Germany is, however, quite an indirect democracy, as exemplified by the voting system for federal elections. To explain it simply, German voters have not just one, but two votes when deciding the composition of the Bundestag: one to appoint an individual to represent their constituency, (determined by first past the post), and the other to choose a political party, (using proportional representation). Following the vote, all seats to be filled are distributed by proportional representation of the second vote, covering the 299 members of parliament elected in the constituencies. Depending on the results, the number of parliamentarians may even increase.

In the eyes of many observers, this is a very complex, but fair, voting system. This is especially the case as Germany is a country of parliamentary tradition in which the Bundestag plays a very central role. It elects the Chancellor and the President of the Republic, as well as the judges of the Federal Constitutional Court jointly with the Bundesrat.

Another element of indirect democracy concerns the upper chamber, which consists of 69 seats and is distributed according to the demographic weight of the Bundesländer. However, it is not filled with elected senators, but experts on the themes discussed there, somewhat resembling the model provided by the Council of the EU, and rather comparable to the French CESER (Regional Economic, Social and Environmental Councils; advisory bodies present in each French région).

Therefore, Germany has an institutional architecture very different to France’s which is still greatly affected by centralism and the dominating role of the President. While referenda and large consultations involving citizens are used in the French Fifth Republic, they do not exist in Germany.

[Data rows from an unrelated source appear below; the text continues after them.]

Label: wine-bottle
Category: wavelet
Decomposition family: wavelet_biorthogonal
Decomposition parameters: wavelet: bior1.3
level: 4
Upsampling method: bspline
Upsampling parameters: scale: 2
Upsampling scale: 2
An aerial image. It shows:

European integration as a setting for development

France and Germany’s differing roles in the European construction represent a notable contrast between the states. Since the beginning of the integration process at the end of the 1950s, national aims have diverged: whilst France under De Gaulle saw Europe as a means of conserving French power, the young FRG – traumatised by the war and partially sovereign – saw it as a setting for democratic development.

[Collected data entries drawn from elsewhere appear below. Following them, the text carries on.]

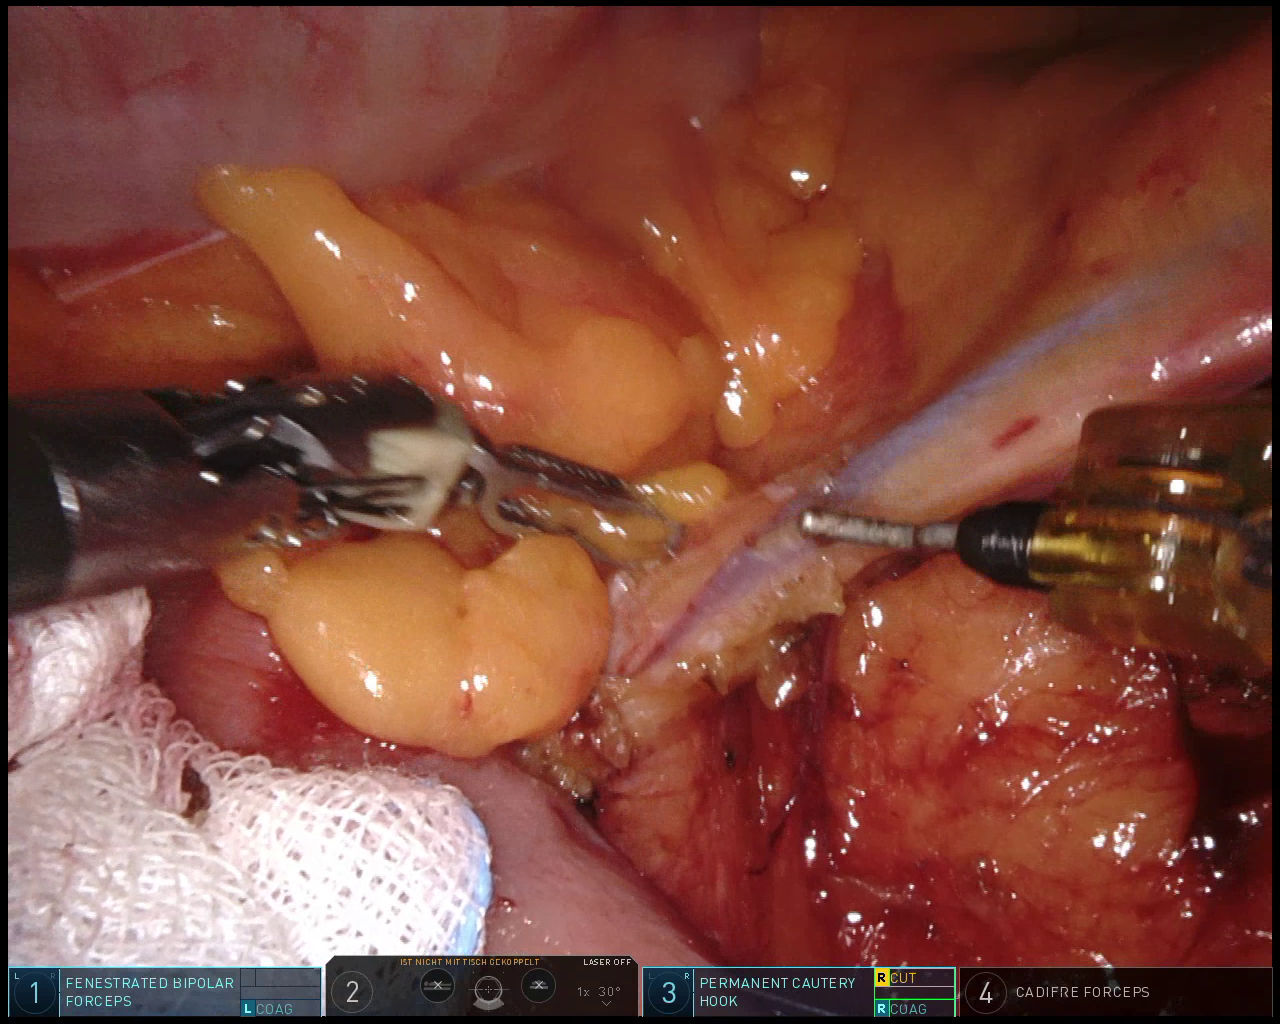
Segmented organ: small_intestine
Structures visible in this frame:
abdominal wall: no
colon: yes
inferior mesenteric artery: no
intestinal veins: yes
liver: no
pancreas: no
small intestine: yes
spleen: no
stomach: no
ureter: no
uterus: no
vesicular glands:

Today, although a number of commentators express their fear of a “German Europe”, it should not be forgotten that Germany is essentially nothing without the European Union (especially from a commercial point of view), and that Berlin has taken a long time to embrace the high level of political leadership appropriate for the continent’s leading economic power.

Without dominating Europe entirely, Germany has been able to intelligently influence the work of the European institutions, unlike France which, due to its contempt for European parliamentarianism, relies almost exclusively on the two Councils. Looking at the composition of the Commission and the Parliament, it is noticeable that the higher you go in the hierarchy, the more common it is to find Germans or German speakers. The election of the former defence minister, Ursula von der Leyen, to the head of the European executive, is not surprising, though the trend has been around for a long time.

This strategy of placing Germans in strategic European posts could make Germany’s presidency of the Council of the EU easier. But for it to be a real success, Germany will also have to work closely with its partners, primarily France. To do this, good knowledge of how Germany operates, and of its internal and European policies, will prove essential.